What extroverts need to know about dating introverts — and vice versa
Everyone questions just how much opposites actually attract, especially extroverts and introverts, who seem to have completely different ways of life. But despite having differing attitudes and personalities, dating and relationship experts find that pairs like these can be more than successful.
“Opposites do indeed attract,” says John McGrail, Ph.D., a self-improvement expert and author of The Synthesis Effect: Your Direct Path to Personal Power and Transformation. “We tend to be attracted by characteristics and attributes in other people that we feel are missing in ourselves.
Even with a ying and yang sort of dynamic, that’s not to say that extrovert-introvert couples aren’t without their problems. Sometimes dating someone too out of your own element can feel more than confusing, often causing unwanted frustration, and not to mention tiresome arguments. If both parties in the relationship are willing to work with one another to make things work successfully, it can really pay off.
Learn to make your differences your superpower
Making any relationship work comes with accepting each other's differences. While extroverts tend to be ‘people people’ and thrive on lots of social interaction, introverts trend to be more introspective and need to recharge after some social events.
Often at times, extroverts feel frustrated by the lack of communication from their introverted partners, therefore immediately misinterpreting them as standoffish and rude individuals. Similarly, introverts can grow frustrated with extroverts' constant need for social interaction, making them feel uncomfortable and frustrated.
“It's important that an extrovert understands an introvert has a limit to the amount of socializing they can do before they are tapped out and need alone time to re-charge afterwards,” says Erika Martinez, a licensed psychologist in Miami. “Also, extroverts often misinterpret an introvert's quietness in social setting as an indication that they are not enjoying the event, and many times that's not the case.”
While you both may be on opposite ends of the spectrum, understanding how your partner feels versus how you assume they feel is key to maintaining any relationship.
“Both personality types bring their own set of strengths, and the couple that learns to find value in difference is a powerful force indeed,” adds Mars Incrucio, a founder of Matchr, the card game based on online dating.
Learn each other's communication style
Extroverts and introverts have different ways of vocalizing their feelings, so it’s important for both parties to have an open dialogue about making the relationship work. Doing so can help you both understand each other better and squash any unnecessary arguments down the road.
“Extroverts should ask introverts questions,” stresses April Masini, a relationship and etiquette expert. “Be sure to talk to them about their life, their experiences, and their reactions. Be sure to listen to the answers, before jumping in with your exuberance.”
And while extroverts tend to speak often, it’s wise for introverts to learn to vocalize their feelings as well. Doing so can help you set boundaries and be perfectly clear of what makes you comfortable and what doesn’t.

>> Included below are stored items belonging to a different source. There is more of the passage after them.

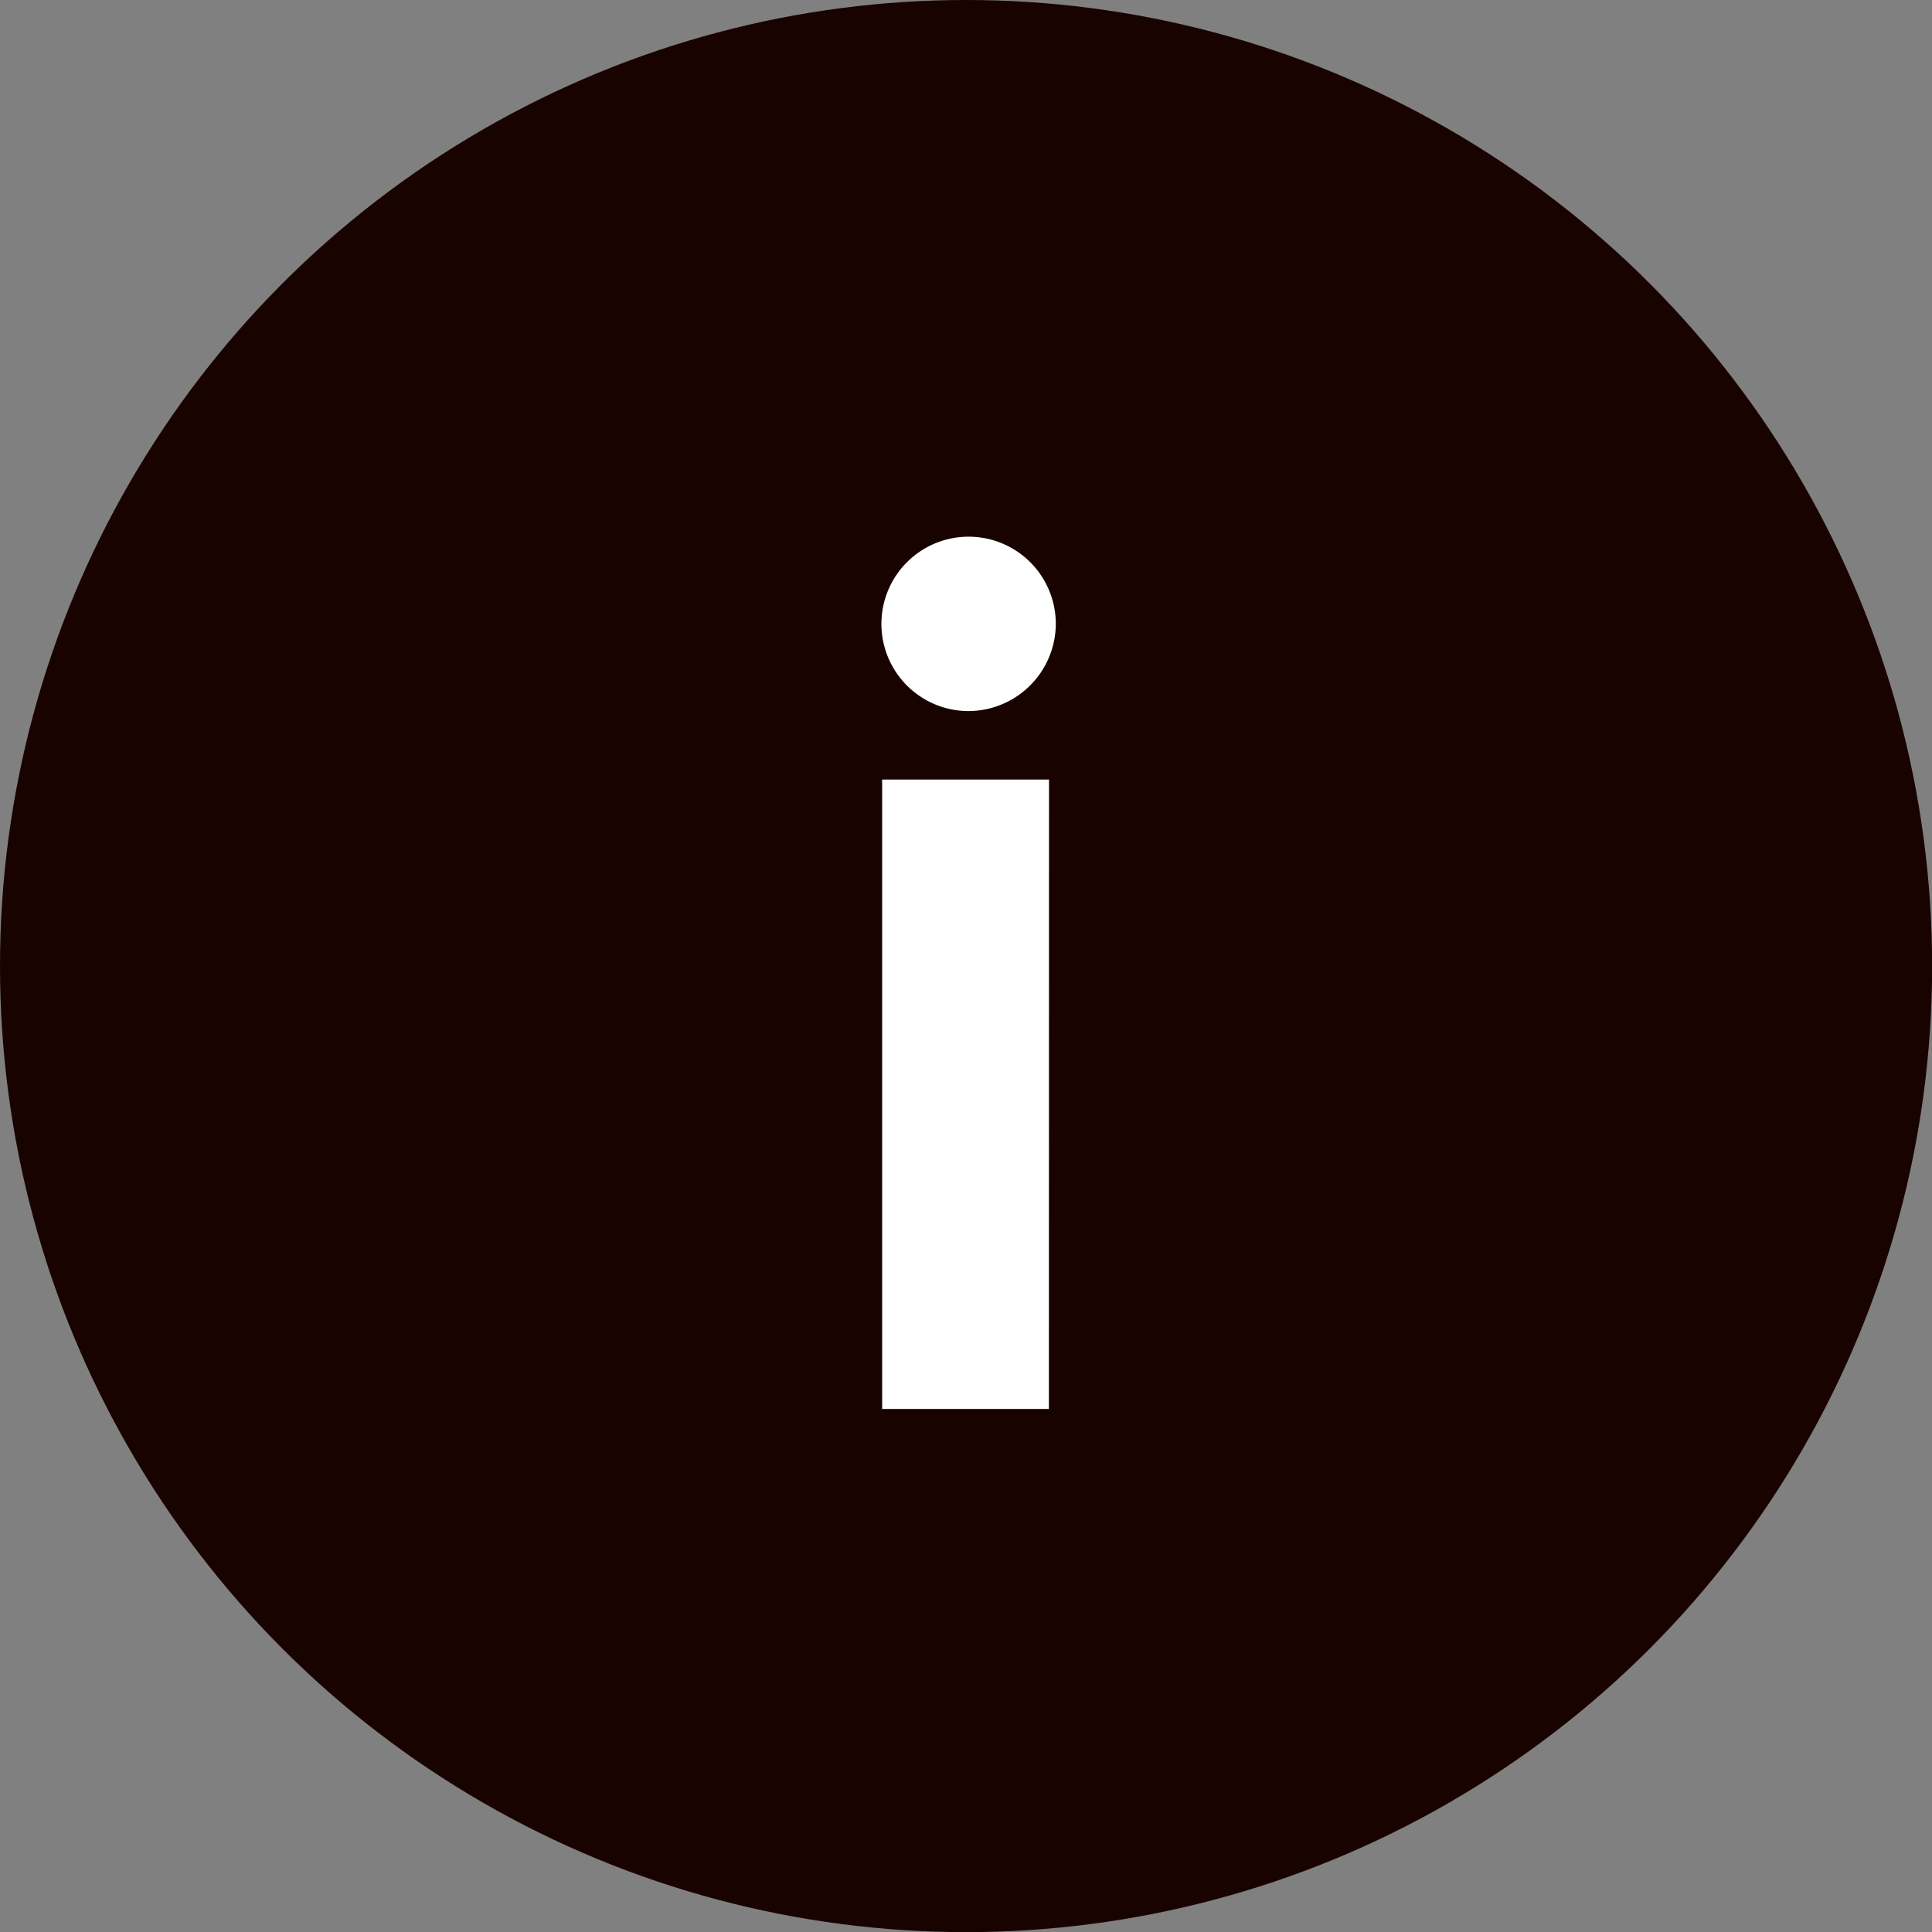 <svg xmlns="http://www.w3.org/2000/svg" width="15.931" height="15.931" viewBox="0 0 15.931 15.931">
  <rect x="0" y="0" width="15.931" height="15.931" fill="#808080" stroke="none"/>
  <g id="Group_7836" data-name="Group 7836" transform="translate(-1176.319 -404.248)">
    <circle id="Ellipse_2" data-name="Ellipse 2" cx="7.966" cy="7.966" r="7.966" transform="translate(1176.319 404.248)" fill="#190300"/>
    <path id="Icon_ionic-ios-information-circle" data-name="Icon ionic-ios-information-circle" d="M12.426,14.811H11.051V9.621h1.376Zm-.688-5.755a.719.719,0,1,1,.745-.72A.722.722,0,0,1,11.738,9.056Z" transform="translate(1172.542 401.055)" fill="#fff"/>
  </g>
</svg>

“Dating an extrovert is an opportunity for you [introverts] to learn to speak up more quickly,” adds Masini. “If you don’t, you’ll feel steam rolled. If you do, you’ll be uncomfortable at first, but with time, will learn that you’ve become more adept at voicing your choices. This is how you’ll make a long-term relationship with an extrovert work.”
Compromise — don’t change
Even with very different personalities, always remember that changing your partner never works. Compromising makes a much healthier alternative, as making deals can help you both satisfy your own unique nature.
“Make deals where for every party date, where there’s lots of social interaction involved, there are an equal number of dates where the two of you observe quietly — whether it’s the movies, art museum trips, or going to lectures,” says Masini.
Aside from compromising, accepting and learning from one another is most important. Each individual brings something unique to the relationship which can help the other improve aspects of their own life. Relationships like these can help you grow into a better person.
“For both partners, you can improve your social skills by observing the other,” says expert life coach Tina Mertel. "Extroverts can build their skills in slowing down, listening, and picking up on subtle clues of pleasure or displeasure. Introverts can learn to be more spontaneous, take risks in speaking up to others, and being more playful with strangers.”
Lesson: Don't count each other out just because you think it can't work.